Plaintiff, who refers to himself as "Gentleman Marshall," imprudently believes he is not subject to taxation. He claims California and the United States have violated a litany of his constitutional rights in collecting taxes from him and have engaged in extortion and racketeering. Defendants, collectively, move to dismiss the complaint arguing the court lacks jurisdiction and that Marshall fails to state a claim for relief.

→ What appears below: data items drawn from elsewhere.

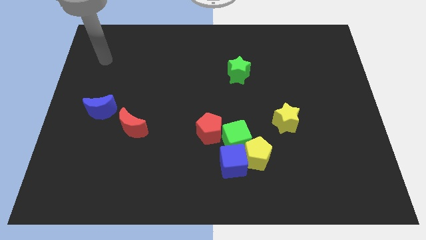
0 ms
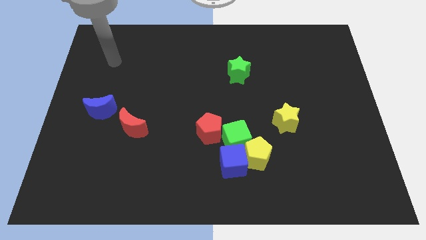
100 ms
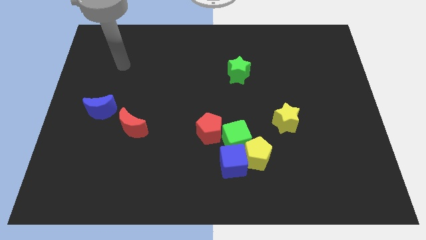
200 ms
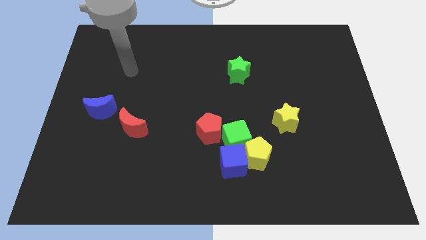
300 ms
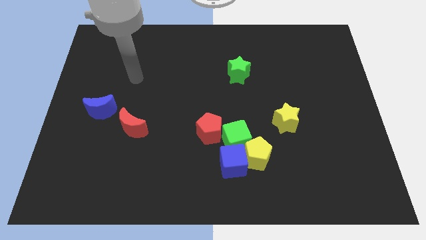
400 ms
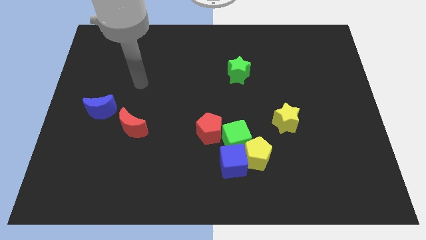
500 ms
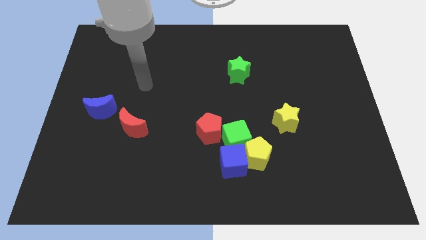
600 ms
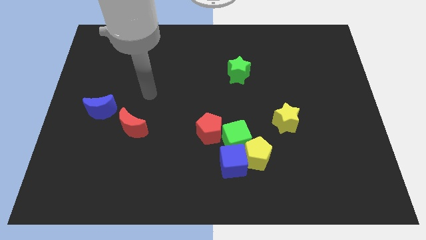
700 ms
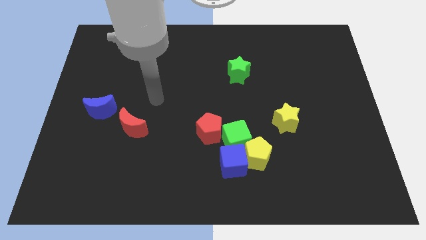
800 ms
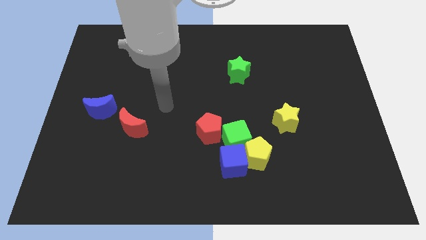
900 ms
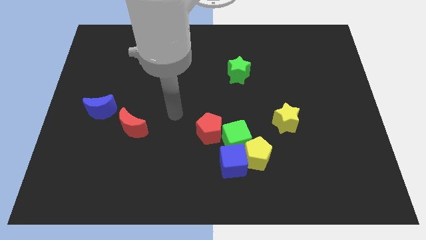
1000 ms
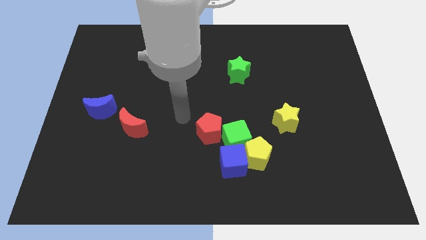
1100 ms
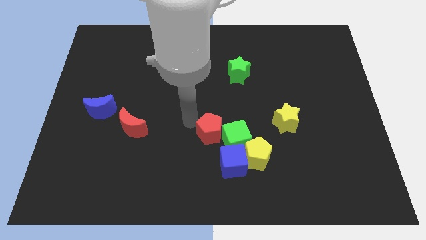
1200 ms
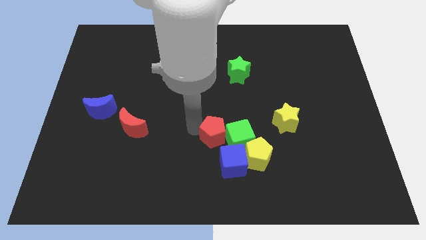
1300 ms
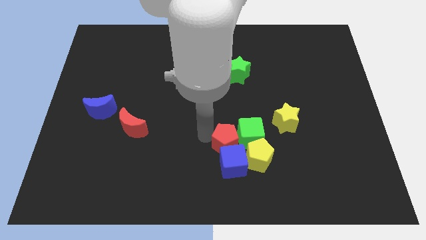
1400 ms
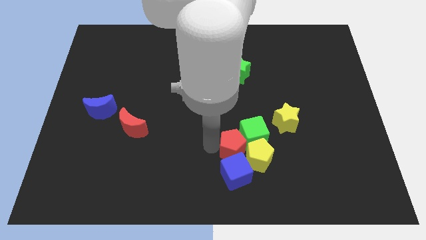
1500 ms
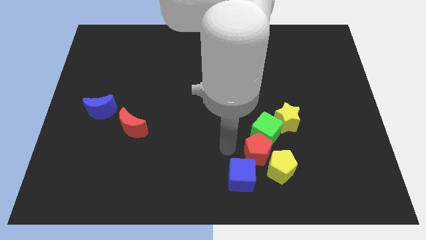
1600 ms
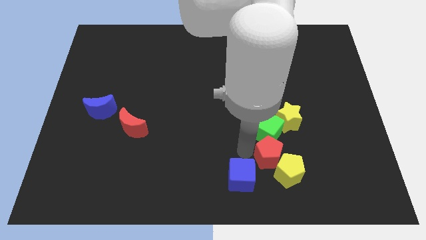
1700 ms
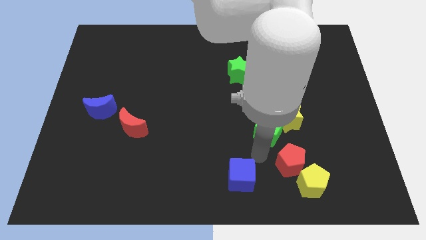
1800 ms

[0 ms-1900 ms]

The Court agrees with defendants that Marshall's claims are "universally well-rejected contention[s]" and neither establish jurisdiction nor state a claim for relief. (Doc. No. 12-1 at 6.) Accordingly, the Court GRANTS defendants' dismissal motion.

I. BACKGROUND

Marshall Pfeiffer asserts he is not subject to taxation and attempts to re-define the statutory definition of "income." (Doc. No. 12-1 at 6.) Marshall states he exchanges his knowledge for compensation which is spent on sustenance producing neither profit nor gain. (Doc. No. 1 at 8.) Over the past ten years, Defendants have approached Marshall via U.S. Mail and telephone, and seized his bank account. (Id.) Defendants believe Marshall is a "tax protester" who files frivolous pleadings. (Doc. No. 12-1 at 6.) Marshall seeks relief from this Court to: (1) restrain Defendants from taxing his labor as a gain or as a profit; (2) order Defendants to return all Marshall's funds seized; (3) decree Marshall's labor belongs to Marshall; and (4) decree Marshall's compensation is neither a profit nor a gain. (Doc. No. 1 at 8.)

II. LEGAL STANDARDS

A motion to dismiss under Rule 12(b)(6) tests the legal sufficiency of a plaintiff's complaint. See Navarro v. Block, 250 F.3d 729, 732 (9th Cir. 2001). "[A] court may dismiss a complaint as a matter of law for (1) lack of cognizable legal theory or (2) insufficient facts under a cognizable legal claim." SmileCare Dental Grp. v. Delta Dental Plan of Cal., 88 F.3d 780, 783 (9th Cir. 1996) (citation omitted). However, a complaint will survive a motion to dismiss if it contains "enough facts to state a claim to relief that is plausible on its face." Bell Atl. Corp. v. Twombly, 550 U.S. 544, 570 (2007). In making this determination, a court reviews the contents of the complaint, accepting all factual allegations as true and drawing all reasonable inferences in favor of the nonmoving party. See Cedars-Sinai Med. Ctr. v. Nat'l League of Postmasters of U.S., 497 F.3d 972, 975 (9th Cir. 2007).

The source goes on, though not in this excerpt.